BOSTON (CBS) — After a monster performance against the Steelers on Sunday, Patriots tight end Rob Gronkowski was named AFC Offensive Player of the Week.
Gronkowski bounced back from his one-game suspension in a big way, hauling in nine passes for 168 yards for the Patriots during their 27-24 win in Pittsburgh. He also converted a key two-point conversion after Dion Lewis’ touchdown run gave the Patriots the lead with 56 seconds left in the game.
The tight end had seven catches and 135 yards in the second half, including three catches for 69 yards on that final game-winning drive.
This is Gronkowski’s second AFC Offensive Player of the Week award for his career. He first earned the award in Week 14 of the 2011 season after catching six passes for 160 yards and two touchdowns in a blowout win over the Washington Redskins.

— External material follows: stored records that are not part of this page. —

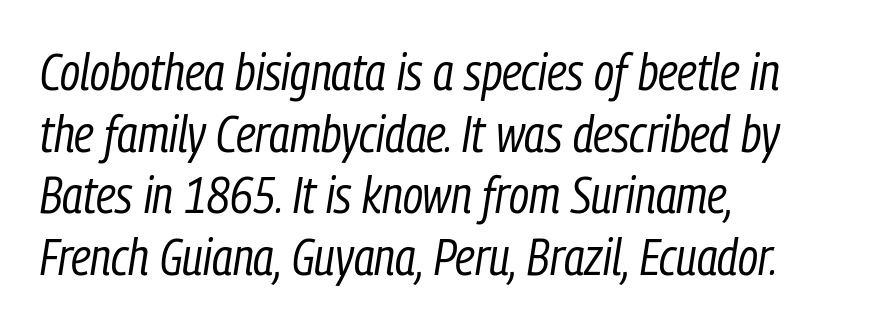
Q: Is the text bold? A: No.
Q: Is the text italic (slanted)? A: Yes, it leans right by about 9 degrees.
Q: Is the text underlined? A: No.
Q: How is the paragraph aligned? A: Left-aligned.
Q: Is the spacing between letters normal or unusually wide? A: Normal.
Q: Width (condensed, normal, or wide)? A: Condensed.
Q: Stroke contrast? A: Low.
Q: x-height? A: Medium.
Q: Monospaced? A: No.
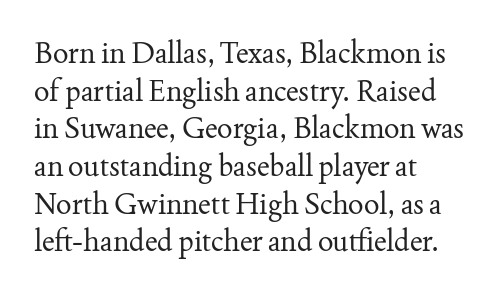
The image shows 29 px regular-weight serif type, upright; set left-aligned, normal line spacing (1.3x), normal letter spacing, not underlined; medium stroke contrast and a small x-height.
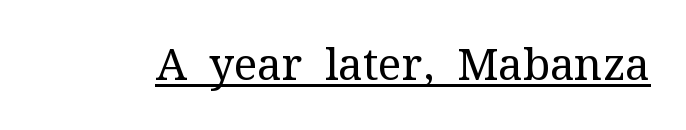
Here the designer chose a conventional face with non-uniform glyph widths. Tracking value appears to be zero — textbook default spacing. Compared with a typical body face, this is equally light or lighter still. Underlining? Definitely there.
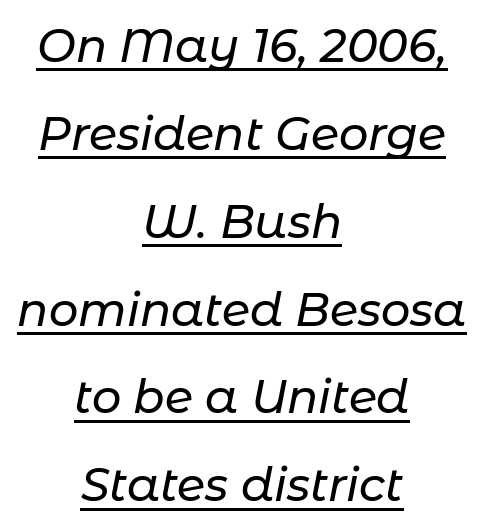
Q: Is the text italic (slanted)? A: Yes, it leans right by about 11 degrees.
Q: Is the text underlined? A: Yes.
Q: How is the paragraph aligned? A: Centered.
Q: Is the spacing between letters normal or unusually wide? A: Normal.
Q: Is the spacing between lines tight, normal or loose? A: Loose.
Q: Width (condensed, normal, or wide)? A: Normal.
Q: Stroke contrast? A: Low.
Q: x-height? A: Medium.
Q: Monospaced? A: No.
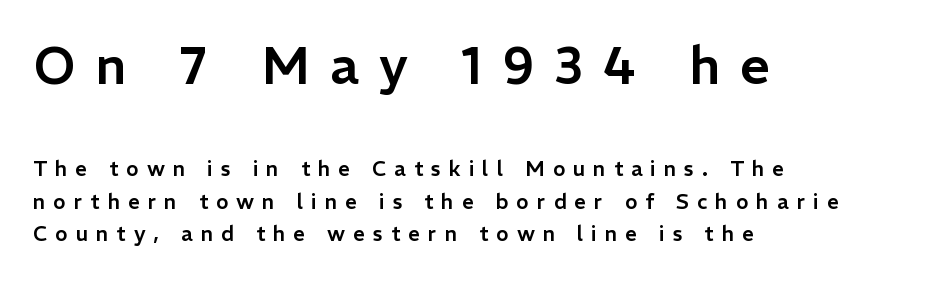
Q: Is the text italic (slanted)? A: No, it is upright.
Q: Is the typeface a serif or a sans-serif typeface? A: Sans-serif.
Q: Is the text underlined? A: No.
Q: How is the paragraph aligned? A: Left-aligned.
Q: Is the spacing between letters normal or unusually wide? A: Unusually wide.
Q: Is the spacing between lines tight, normal or loose? A: Normal.
Q: Which block of text is set in a larger size, the first (top) or the second (bottom)? A: The first (top) one.
Q: Width (condensed, normal, or wide)? A: Normal.
Q: Stroke contrast? A: Low.
Q: x-height? A: Medium.
Q: Monospaced? A: No.
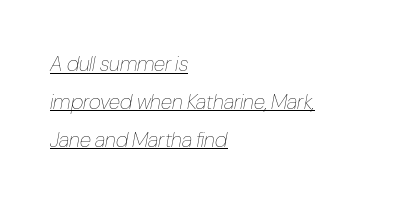
The rendering keeps characters at their native spacing. The lines in this sample share a left origin and differ only in where they stop. The face looks like a standard text weight, possibly lighter. The specimen reads as italic at a glance. The typesetter has applied underlining to the passage shown.
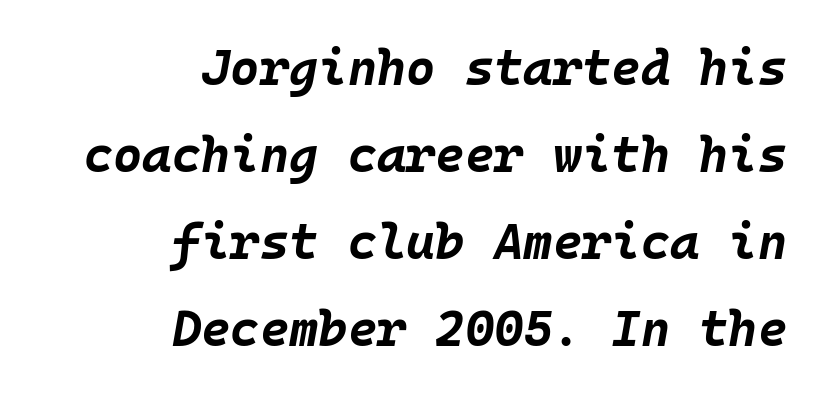
The image shows 50 px bold type, italic (leaning right), monospaced; set right-aligned, line spacing 1.74x, normal letter spacing, not underlined; low stroke contrast and a large x-height.
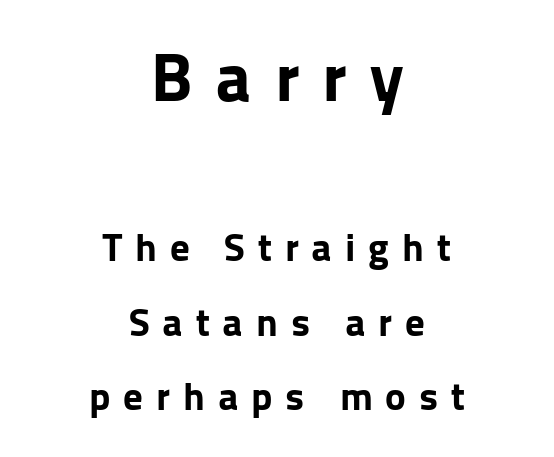
The image shows 69 px bold sans-serif type, upright; set centered, loose line spacing (1.92x), unusually wide letter spacing (+0.33 em), not underlined; the first (top) block is 1.77x larger; low stroke contrast and a medium x-height.
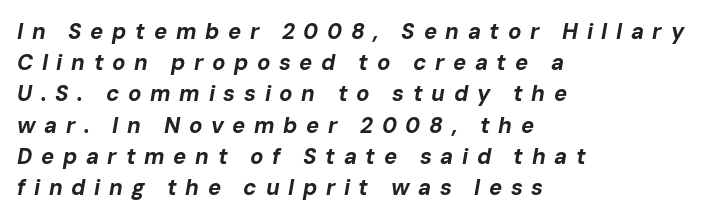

This marks the sixth time this season that the Patriots have been honored with a Player of the Week award. Quarterback Tom Brady has been named AFC Offensive Player of the Week three times (Weeks 2, 3 and 10), while running back Dion Lewis and kicker Stephen Gostkowski were named AFC Special Teams Player of the Week in Weeks 10 and 11, respectively. In addition, Brady was named AFC Offensive Player of the Month for November.